The Battle of the Atlantic: ‘The U-boat peril’

The war at sea began immediately in September 1939 with the Germans sinking merchant ships in the Indian Ocean and the South Atlantic. On 13 December 1939, the Battle of the River Plate in the South Atlantic took place. The German battleship Graf Spee damaged a squadron of British ships off the coast of Uruguay, but in doing so was damaged herself. Hitler ordered her captain, Hans Langsdorff, to scuttle her rather than let her fall into enemy hands. Langsdorff followed his orders and the Graf Spee was sunk. A week later, Langsdorff, draped in the German flag, shot himself.

In his memoirs, Churchill later confessed: ‘The only thing that ever really frightened me during the war was the U-boat peril.’ Britain depended heavily on imports – from iron ore and fuel to almost 70 per cent of all her food. Convoys of merchant ships crossing the Atlantic were escorted by the Royal Navy and, as far as it could reach, the RAF. But there was only so far the planes could travel, leaving a ‘mid-Atlantic gap’, where the convoys were particularly vulnerable to German submarines, or U-boats, which hunted in groups or ‘wolf packs’.

On 9 May 1941, a British destroyer attacked a U-boat, and a boarding party managed to capture the German navy (Kriegsmarine)’s full-scale Enigma coding machine and code books. Although Bletchley Park was already having some success at deciphering the codes, they were now able to do so at will and reroute the convoys in order to avoid the wolf packs. Subsequently, within two months British losses at sea fell by 80 per cent. The discovery helped the Allies throughout the war in all operations.
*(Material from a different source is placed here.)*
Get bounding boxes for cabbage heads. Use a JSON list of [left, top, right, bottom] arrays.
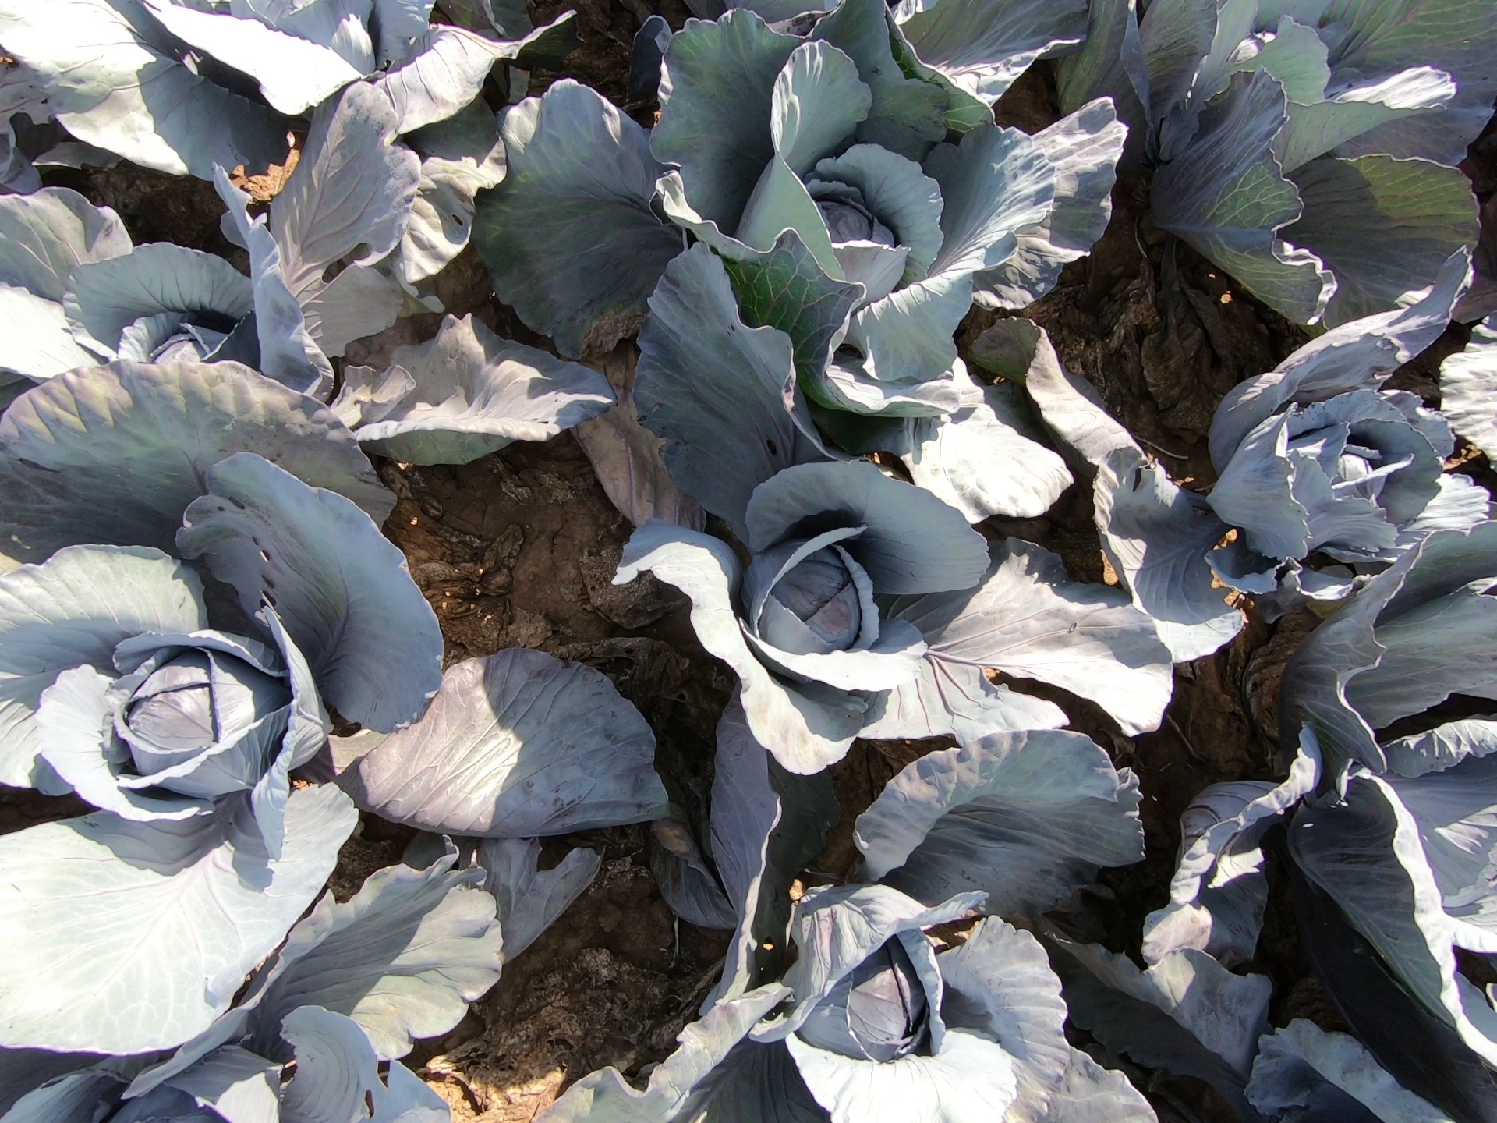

The champion of U-boats was Commodore Karl Donitz but his superior, Admiral Erich Raeder, advocated the use of large warships. In May 1941, the Kriegsmarine’s greatest warship, the Bismarck, one sixth of a mile long, pitted its strength against the equally impressive HMS Hood, the pride of the British fleet. On the twenty-fourth, exchanging fire from thirteen miles’ distance, the Hood was sunk, losing all but three of its 1,400 crew. The Bismarck had been damaged, but despite leaking oil, managed to escape the British light cruisers following her. But Bletchley Park intercepted the Bismarck’s codes and knew of her destination – Brest, on the western coast of France – where a fleet of British destroyers sought her out and, on 27 May, sunk her. Raeder and his warships fell from Hitler’s favour and it became the turn of Donitz and his U-boats.

image

The HMS Dorsetshire picking up survivors from the Bismarck, 27 May 1941

From August 1941, British merchant convoys started delivering supplies to the Soviet Union from bases in Scotland and Iceland. A seventeen-day journey, the Arctic Convoys were fraught with danger, not just from the Kriegsmarine and the Luftwaffe, but the treacherous weather and freezing conditions. However, their contribution to the Soviet war effort, which included tanks and guns as well as raw materials, was invaluable in the fight against Hitler.

During 1943, the British managed to breach the ‘mid-Atlantic gap’ with the introduction of ‘Very Long-Range Liberators’ and with Portugal allowing the use of its airbases in the Azores. Once the USA had entered the war, America was launching more ships than the U-boats could sink and destroying more U-boats than Germany could replace. The RAF was by now successfully destroying U-boats with the aid of radar, and bombing shipyards and docks within Germany. With the Enigma decoding technology still playing its part and with three quarters of U-boat crewmen being killed in action, the once menacing U-boat had become an ‘iron coffin’. Although U-boats continued to be employed throughout the war, the ‘Battle of the Atlantic’, as Churchill coined it, had been won. From mid-1943, the Kriegsmarine’s duties were not so much offensive as defensive, protecting their European coasts from the Allied attack they knew, one day, would come.